Work to be completed:
Set down, word for word, the line with "The space directly" and the lines after it through the final line of the data below, without pictures.

Collected data:
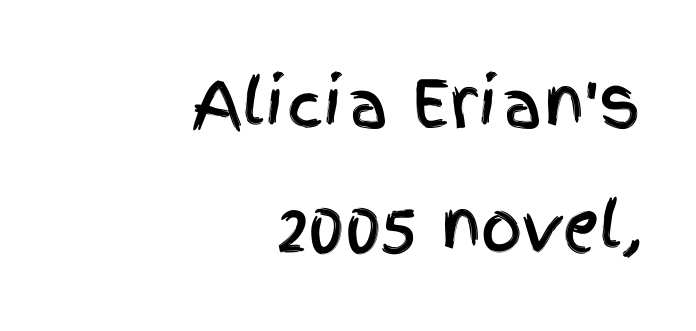
{"serif": "no", "italic": "no", "width": "condensed", "x_height": "large", "monospaced": "no", "underline": "no", "align": "right", "line_spacing": "loose", "line_spacing_ratio": 1.9, "letter_spacing": "normal", "letter_spacing_em": 0.0, "glyph_px": 65}
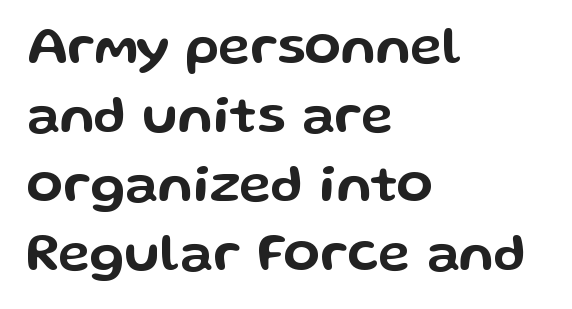
Are there feet on the stems? There aren't — it's a sans. In CSS terms this would be text-align: left. Is this a fixed-width face? No — the glyphs have proportional, varying widths. Characters remain perfectly vertical along every line. A typesetter would call this zero additional tracking. No word sits above an underline.
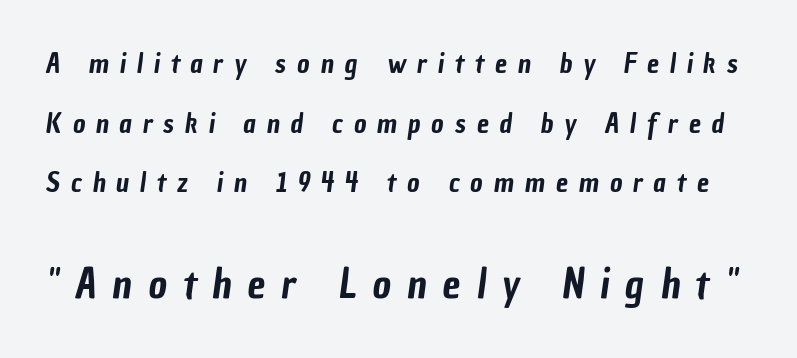
The space directly below the letters is spotless. Words appear elongated and porous because spacing is wide. Each letter keeps its own natural width here, so spacing adapts to shape. The characters display no serif detailing; their extremities are plain. Note: smaller setting up top, larger setting below. How would I describe the line gaps? Wide and relaxed.
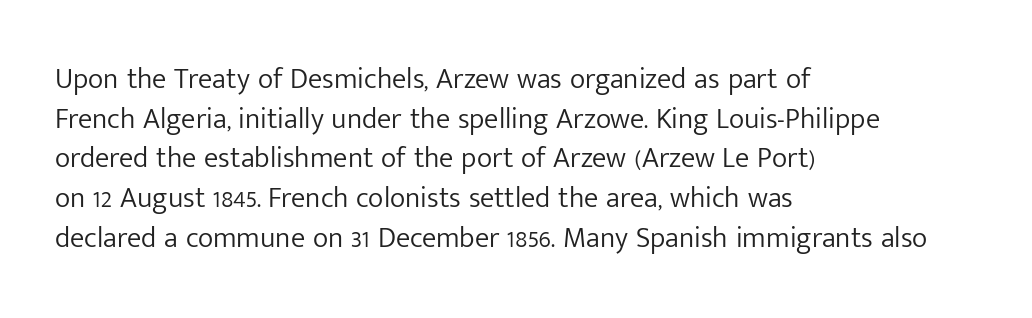
{"serif": "no", "italic": "no", "bold": "no", "weight": "light", "width": "normal", "stroke_contrast": "low", "x_height": "medium", "monospaced": "no", "underline": "no", "align": "left", "line_spacing": "normal", "line_spacing_ratio": 1.37, "letter_spacing": "normal", "letter_spacing_em": 0.0, "glyph_px": 29}
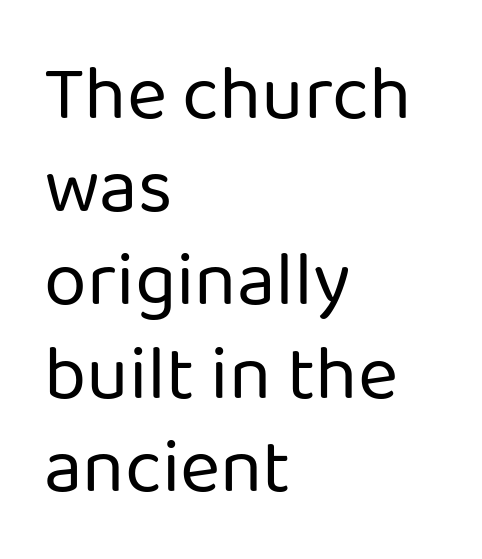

Exercise output:
The space directly below the letters is spotless. Words appear elongated and porous because spacing is wide. Each letter keeps its own natural width here, so spacing adapts to shape. The characters display no serif detailing; their extremities are plain. Note: smaller setting up top, larger setting below. How would I describe the line gaps? Wide and relaxed.
{"serif": "no", "italic": "no", "bold": "no", "weight": "light", "width": "normal", "stroke_contrast": "low", "x_height": "medium", "monospaced": "no", "underline": "no", "align": "left", "line_spacing": "normal", "line_spacing_ratio": 1.37, "letter_spacing": "normal", "letter_spacing_em": 0.0, "glyph_px": 29}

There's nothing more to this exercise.